Because the problem goes in and out for some images, I'm able to somewhat watch the logs and compare/contrast. Here's an example of it going from OK to bad when grepping on a particular image name:
May 20 18:38:37 tomentella kernel: NFSD: nfsd4_open filename Ron-Thomas-web-150x150.jpg op_openowner (null)
May 20 18:38:37 tomentella kernel: NFSD: nfsd4_open_confirm on file Ron-Thomas-web-150x150.jpg
May 20 18:38:37 tomentella kernel: NFSD: nfsd4_close on file Ron-Thomas-web-150x150.jpg
May 20 18:39:08 tomentella kernel: NFSD: nfsd4_open filename Ron-Thomas-web-150x150.jpg op_openowner (null)
May 20 18:39:08 tomentella kernel: NFSD: nfsd4_open filename Ron-Thomas-web-150x150.jpg op_openowner (null)
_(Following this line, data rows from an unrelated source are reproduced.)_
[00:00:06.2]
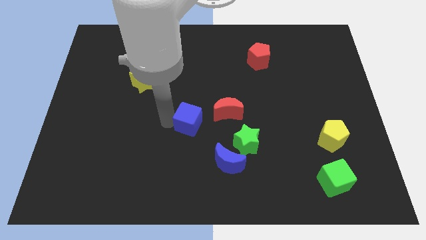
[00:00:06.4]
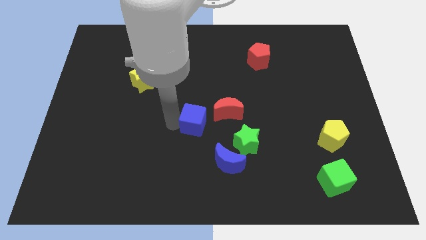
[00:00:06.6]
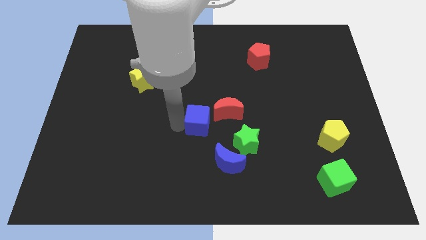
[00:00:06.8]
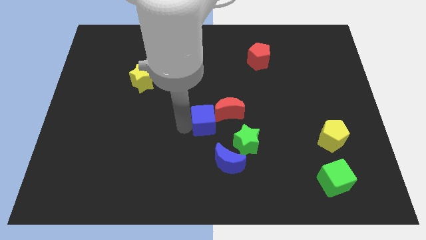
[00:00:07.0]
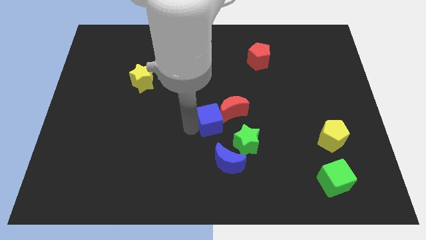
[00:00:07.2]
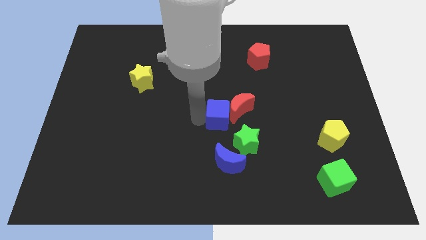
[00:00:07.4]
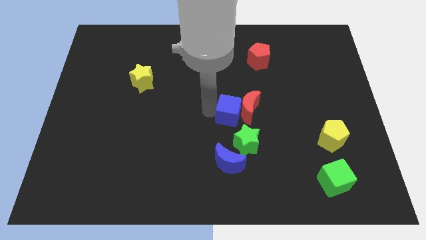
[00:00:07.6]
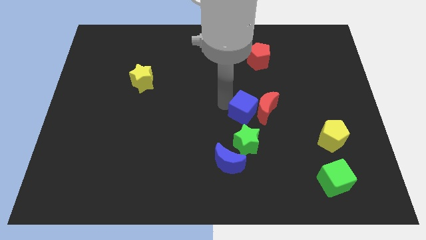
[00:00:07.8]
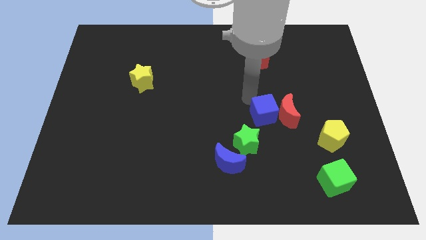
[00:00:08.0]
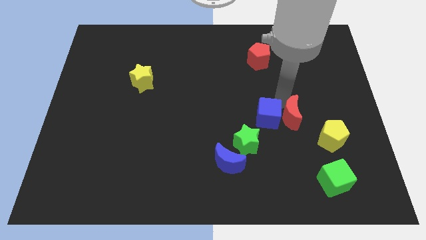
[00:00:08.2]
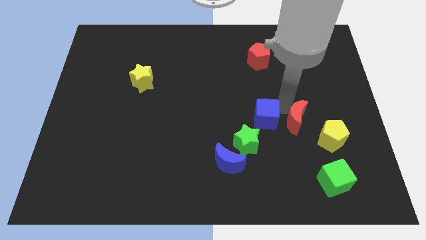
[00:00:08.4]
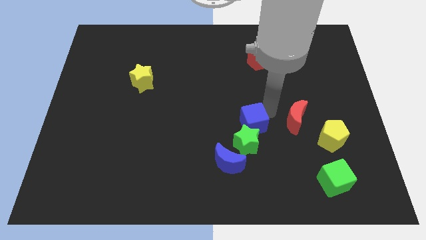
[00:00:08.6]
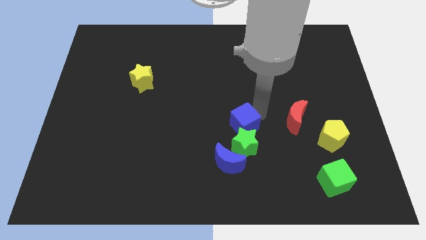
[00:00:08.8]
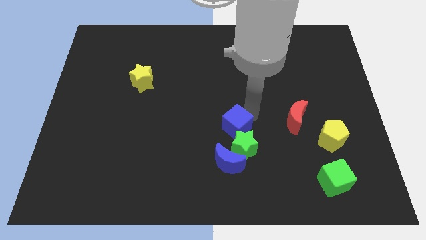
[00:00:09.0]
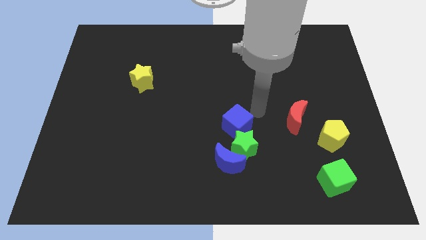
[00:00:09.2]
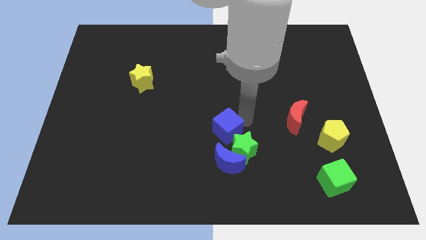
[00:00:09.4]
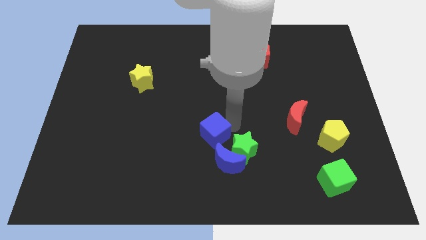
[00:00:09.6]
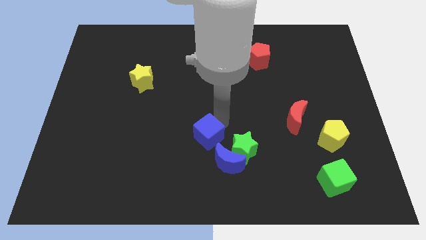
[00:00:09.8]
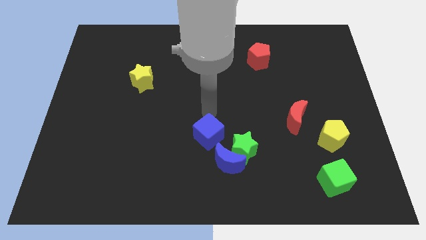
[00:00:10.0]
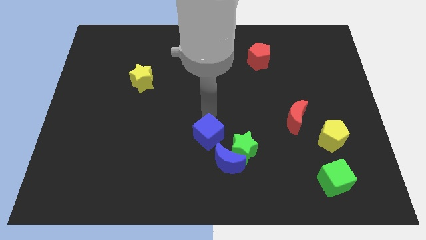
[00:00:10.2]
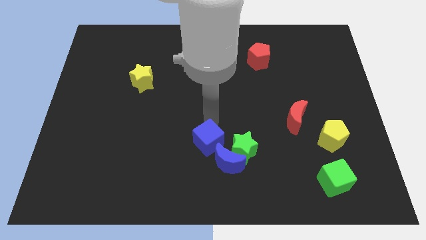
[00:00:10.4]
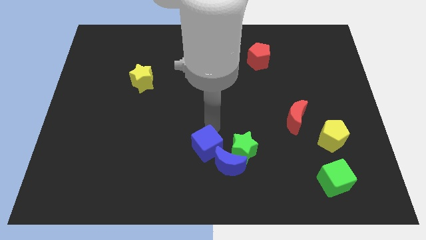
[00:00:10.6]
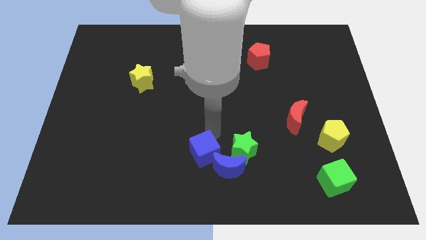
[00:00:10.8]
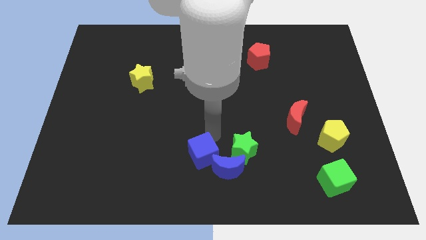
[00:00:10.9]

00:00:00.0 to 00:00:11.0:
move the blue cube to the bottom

May 20 18:39:10 tomentella kernel: NFSD: nfsd4_open filename Ron-Thomas-web-150x150.jpg op_openowner (null)
May 20 18:39:10 tomentella kernel: NFSD: nfsd4_open filename Ron-Thomas-web-150x150.jpg op_openowner (null)
May 20 18:39:11 tomentella kernel: NFSD: nfsd4_open filename Ron-Thomas-web-150x150.jpg op_openowner (null)
May 20 18:39:11 tomentella kernel: NFSD: nfsd4_open filename Ron-Thomas-web-150x150.jpg op_openowner (null)
Here's nfsstat
tomentella ★ ~ $ nfsstat
Server rpc stats:
calls badcalls badclnt badauth xdrcall
94437487 6 6 0 0
Server nfs v4:
null compound
503 0% 94436978 99%
Server nfs v4 operations:
op0-unused op1-unused op2-future access close commit
0 0% 0 0% 0 0% 11213689 3% 2631554 0% 3377 0%
create delegpurge delegreturn getattr getfh link
579 0% 0 0% 0 0% 88581315 31% 32460559 11% 0 0%
lock lockt locku lookup lookup_root nverify
365 0% 0 0% 365 0% 30058556 10% 0 0% 0 0%
open openattr open_conf open_dgrd putfh putpubfh
2771686 0% 0 0% 74326 0% 0 0% 92969992 32% 0 0%
putrootfh read readdir readlink remove rename
2435 0% 1999675 0% 1917567 0% 350 0% 12404 0% 5072 0%
renew restorefh savefh secinfo setattr setcltid
1226801 0% 0 0% 5072 0% 0 0% 18315216 6% 121025 0%
setcltidconf verify write rellockowner bc_ctl bind_conn
121105 0% 0 0% 115189 0% 365 0% 0 0% 0 0%
exchange_id create_ses destroy_ses free_stateid getdirdeleg getdevinfo
0 0% 0 0% 0 0% 0 0% 0 0% 0 0%
getdevlist layoutcommit layoutget layoutreturn secinfononam sequence
0 0% 0 0% 0 0% 0 0% 0 0% 0 0%
set_ssv test_stateid want_deleg destroy_clid reclaim_comp
0 0% 0 0% 0 0% 0 0% 0 0%
Client rpc stats:
calls retrans authrefrsh
0 0 0
Best Answer
I found this searching for a solution to my own input/output error issues with a shared NFS mount. I was mounting a shared NFS drive on several machines, reading and writing with PHP. I was getting sporadic, but frequent, errors like this. I don't know if what I did fixed it, but on the off chance it helps someone else with the same problem ...
So, I was creating worker servers by cloning them. This resulted in them all having the same hostname. I didn't think anything of that, the hostname wasn't something that affected what I was doing, as far as I could tell. I change the hostnames to all be unique, and made sure the /etc/hosts file included the hostname pointing to 127.0.0.1, and the NFS errors haven't come back since.